▶ Dataset
○ ○ ○ ○ ○

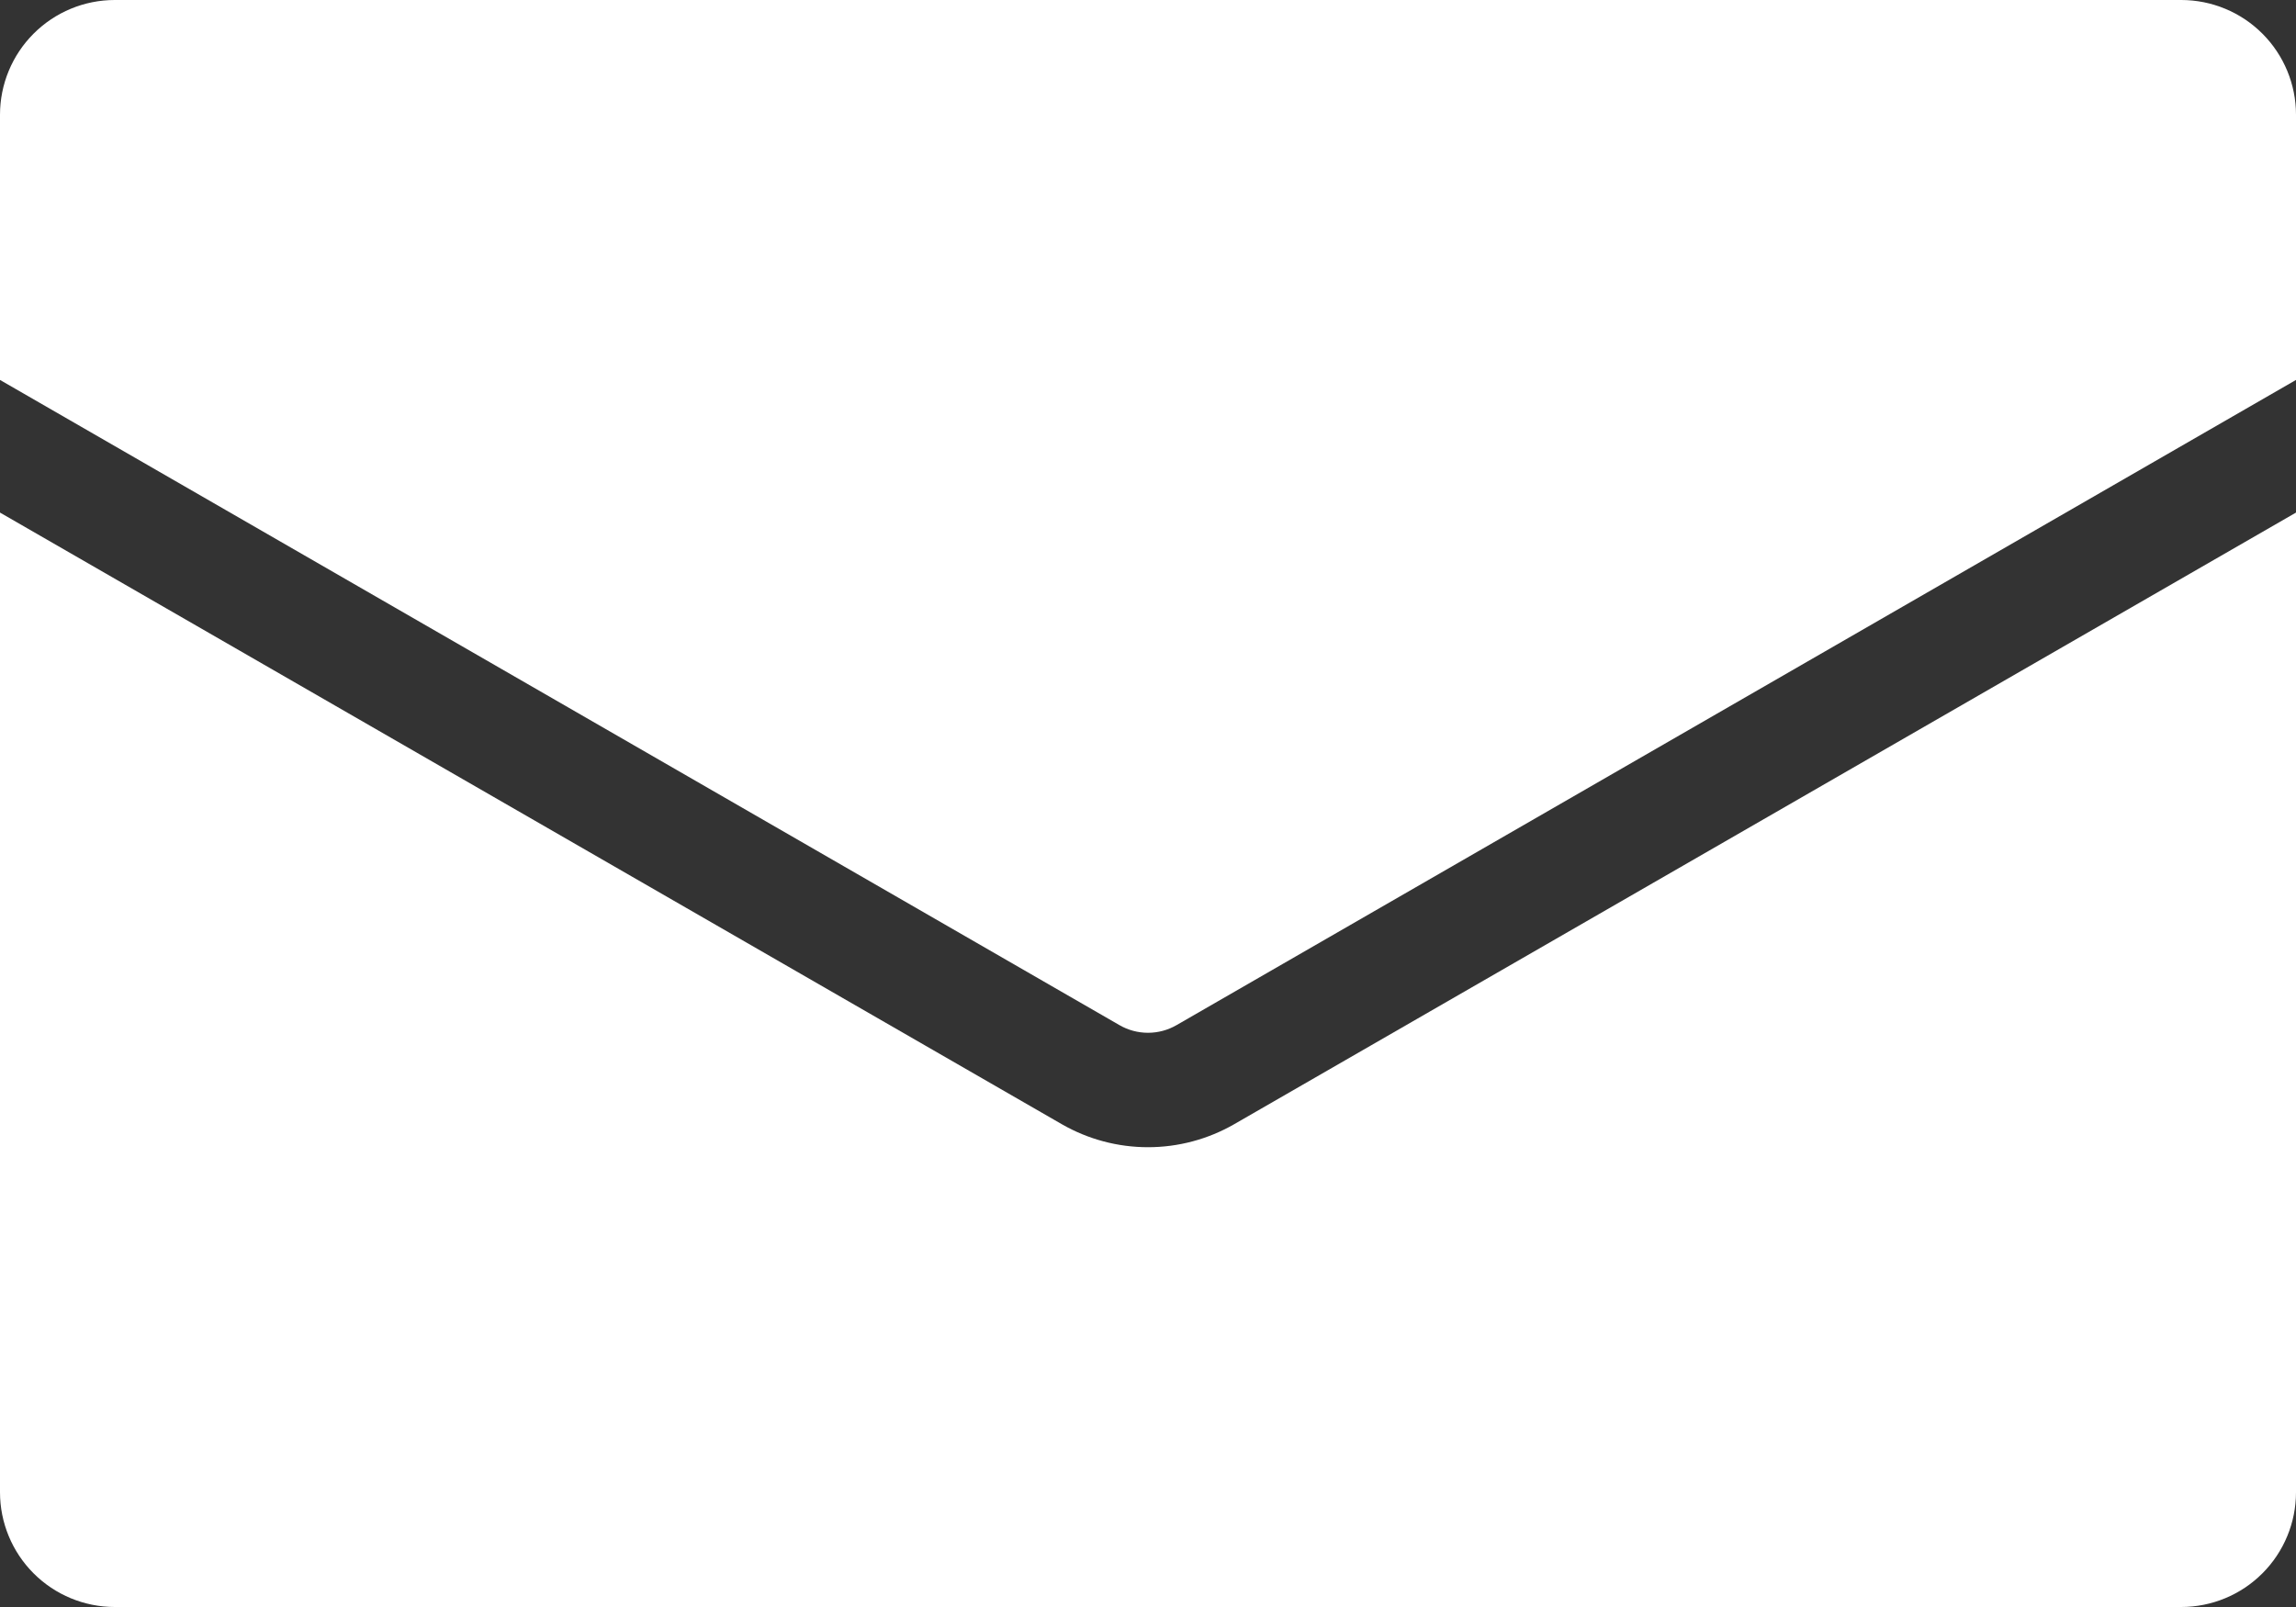 <svg id="グループ_11060" data-name="グループ 11060" xmlns="http://www.w3.org/2000/svg" xmlns:xlink="http://www.w3.org/1999/xlink" width="18" height="12.6" viewBox="0 0 18 12.6">
  <rect x="0" y="0" width="18" height="12.6" fill="#333333" stroke="none"/>
  <defs>
    <clipPath id="clip-path">
      <path id="パス_46578" data-name="パス 46578" d="M.9,0A.9.9,0,0,0,0,.9V2.979L8.775,8.037a.447.447,0,0,0,.45,0L18,2.979V.9a.9.9,0,0,0-.9-.9Z" fill="#fff"/>
    </clipPath>
    <clipPath id="clip-path-2">
      <path id="パス_46579" data-name="パス 46579" d="M9.675,8.815a1.356,1.356,0,0,1-1.35,0L0,4.019V11.7a.9.9,0,0,0,.9.9H17.1a.9.9,0,0,0,.9-.9V4.019Z" fill="#fff"/>
    </clipPath>
  </defs>
  <g id="グループ_11050" data-name="グループ 11050">
    <g id="グループ_11049" data-name="グループ 11049" clip-path="url(#clip-path)">
      <rect id="長方形_23535" data-name="長方形 23535" width="18.558" height="18.375" transform="matrix(0.716, -0.698, 0.698, 0.716, -4.058, 3.953)" fill="#fff"/>
    </g>
  </g>
  <g id="グループ_11052" data-name="グループ 11052">
    <g id="グループ_11051" data-name="グループ 11051" clip-path="url(#clip-path-2)">
      <rect id="長方形_23536" data-name="長方形 23536" width="18.881" height="18.707" transform="matrix(0.716, -0.698, 0.698, 0.716, -4.289, 8.197)" fill="#fff"/>
    </g>
  </g>
</svg>
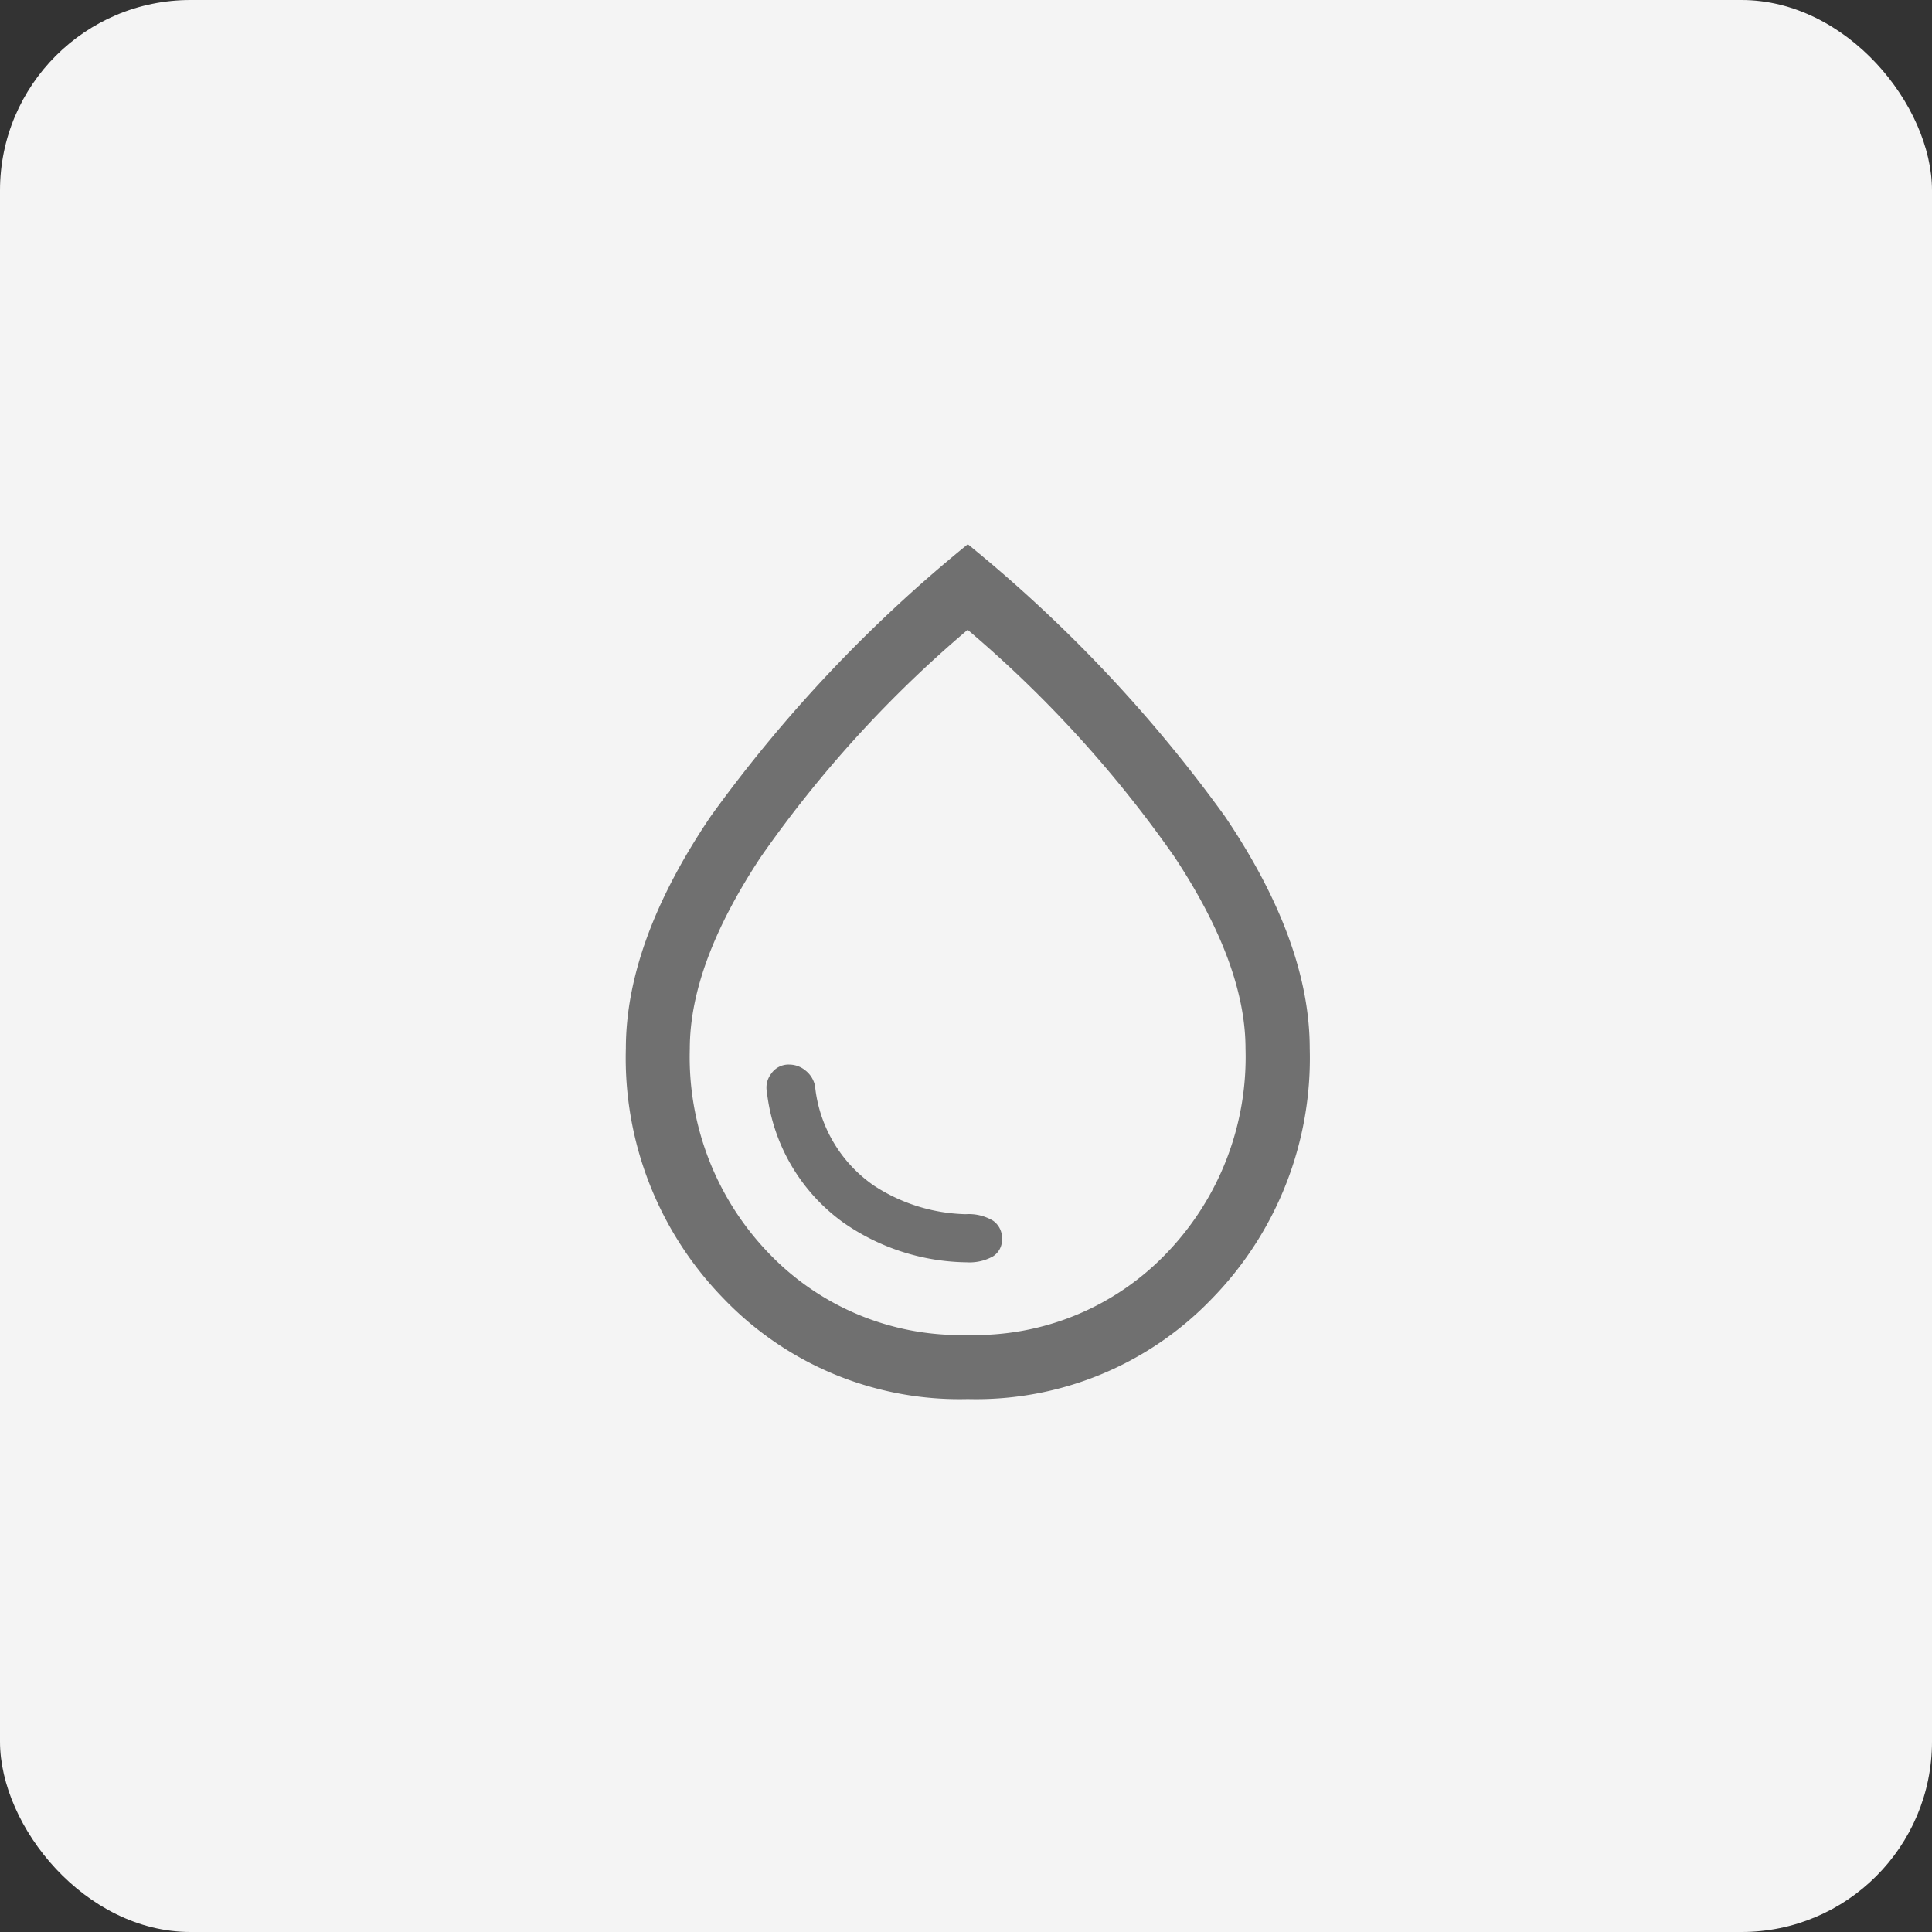 <svg xmlns="http://www.w3.org/2000/svg" width="71" height="71" viewBox="0 0 71 71">
  <rect x="0" y="0" width="71" height="71" fill="#333333" stroke="none"/>
  <g id="Group_4847" data-name="Group 4847" transform="translate(2065 -7601)">
    <g id="usp-1" transform="translate(-2249 6633)">
      <rect id="Rectangle_1452" data-name="Rectangle 1452" width="71" height="71" rx="7" transform="translate(184 968)" fill="#f4f4f4"/>
    </g>
    <g id="Group_4846" data-name="Group 4846" transform="translate(0.066 0.208)">
      <path id="icon_water" d="M20.527,30.389a1.775,1.775,0,0,0,.962-.216.72.72,0,0,0,.334-.648.769.769,0,0,0-.334-.668,1.74,1.74,0,0,0-1-.236,6.432,6.432,0,0,1-3.358-1.041,5.062,5.062,0,0,1-2.179-3.672.968.968,0,0,0-.353-.569.936.936,0,0,0-.589-.216.769.769,0,0,0-.668.334.838.838,0,0,0-.157.687,6.866,6.866,0,0,0,2.788,4.771A8.079,8.079,0,0,0,20.527,30.389Zm.039,5.026a12.009,12.009,0,0,1-8.973-3.691A12.652,12.652,0,0,1,8,22.535q0-3.927,3.122-8.541A52.218,52.218,0,0,1,20.566,4a52.218,52.218,0,0,1,9.444,9.994q3.122,4.614,3.122,8.541a12.652,12.652,0,0,1-3.593,9.189A12.009,12.009,0,0,1,20.566,35.415Zm0-2.356a9.737,9.737,0,0,0,7.3-3,10.385,10.385,0,0,0,2.906-7.52q0-3.1-2.611-7.049a43.706,43.706,0,0,0-7.6-8.345,43.706,43.706,0,0,0-7.6,8.345q-2.611,3.947-2.611,7.049a10.385,10.385,0,0,0,2.906,7.52A9.737,9.737,0,0,0,20.566,33.059ZM20.566,19.708Z" transform="translate(-2050.066 7616.792)" fill="#707070"/>
    </g>
  </g>
</svg>

○ ○ ○ ○ ○

▶ Task requirements
Reproduce every line of the data above, exactly as it stands, but not the pictures.

▶ Written answer
 <svg id="グループ_11060" data-name="グループ 11060" xmlns="http://www.w3.org/2000/svg" xmlns:xlink="http://www.w3.org/1999/xlink" width="18" height="12.6" viewBox="0 0 18 12.6">
  <rect x="0" y="0" width="18" height="12.6" fill="#333333" stroke="none"/>
  <defs>
    <clipPath id="clip-path">
      <path id="パス_46578" data-name="パス 46578" d="M.9,0A.9.9,0,0,0,0,.9V2.979L8.775,8.037a.447.447,0,0,0,.45,0L18,2.979V.9a.9.9,0,0,0-.9-.9Z" fill="#fff"/>
    </clipPath>
    <clipPath id="clip-path-2">
      <path id="パス_46579" data-name="パス 46579" d="M9.675,8.815a1.356,1.356,0,0,1-1.35,0L0,4.019V11.7a.9.9,0,0,0,.9.9H17.1a.9.9,0,0,0,.9-.9V4.019Z" fill="#fff"/>
    </clipPath>
  </defs>
  <g id="グループ_11050" data-name="グループ 11050">
    <g id="グループ_11049" data-name="グループ 11049" clip-path="url(#clip-path)">
      <rect id="長方形_23535" data-name="長方形 23535" width="18.558" height="18.375" transform="matrix(0.716, -0.698, 0.698, 0.716, -4.058, 3.953)" fill="#fff"/>
    </g>
  </g>
  <g id="グループ_11052" data-name="グループ 11052">
    <g id="グループ_11051" data-name="グループ 11051" clip-path="url(#clip-path-2)">
      <rect id="長方形_23536" data-name="長方形 23536" width="18.881" height="18.707" transform="matrix(0.716, -0.698, 0.698, 0.716, -4.289, 8.197)" fill="#fff"/>
    </g>
  </g>
</svg>
 <svg xmlns="http://www.w3.org/2000/svg" width="71" height="71" viewBox="0 0 71 71">
  <rect x="0" y="0" width="71" height="71" fill="#333333" stroke="none"/>
  <g id="Group_4847" data-name="Group 4847" transform="translate(2065 -7601)">
    <g id="usp-1" transform="translate(-2249 6633)">
      <rect id="Rectangle_1452" data-name="Rectangle 1452" width="71" height="71" rx="7" transform="translate(184 968)" fill="#f4f4f4"/>
    </g>
    <g id="Group_4846" data-name="Group 4846" transform="translate(0.066 0.208)">
      <path id="icon_water" d="M20.527,30.389a1.775,1.775,0,0,0,.962-.216.72.72,0,0,0,.334-.648.769.769,0,0,0-.334-.668,1.74,1.74,0,0,0-1-.236,6.432,6.432,0,0,1-3.358-1.041,5.062,5.062,0,0,1-2.179-3.672.968.968,0,0,0-.353-.569.936.936,0,0,0-.589-.216.769.769,0,0,0-.668.334.838.838,0,0,0-.157.687,6.866,6.866,0,0,0,2.788,4.771A8.079,8.079,0,0,0,20.527,30.389Zm.039,5.026a12.009,12.009,0,0,1-8.973-3.691A12.652,12.652,0,0,1,8,22.535q0-3.927,3.122-8.541A52.218,52.218,0,0,1,20.566,4a52.218,52.218,0,0,1,9.444,9.994q3.122,4.614,3.122,8.541a12.652,12.652,0,0,1-3.593,9.189A12.009,12.009,0,0,1,20.566,35.415Zm0-2.356a9.737,9.737,0,0,0,7.3-3,10.385,10.385,0,0,0,2.906-7.52q0-3.1-2.611-7.049a43.706,43.706,0,0,0-7.6-8.345,43.706,43.706,0,0,0-7.6,8.345q-2.611,3.947-2.611,7.049a10.385,10.385,0,0,0,2.906,7.52A9.737,9.737,0,0,0,20.566,33.059ZM20.566,19.708Z" transform="translate(-2050.066 7616.792)" fill="#707070"/>
    </g>
  </g>
</svg>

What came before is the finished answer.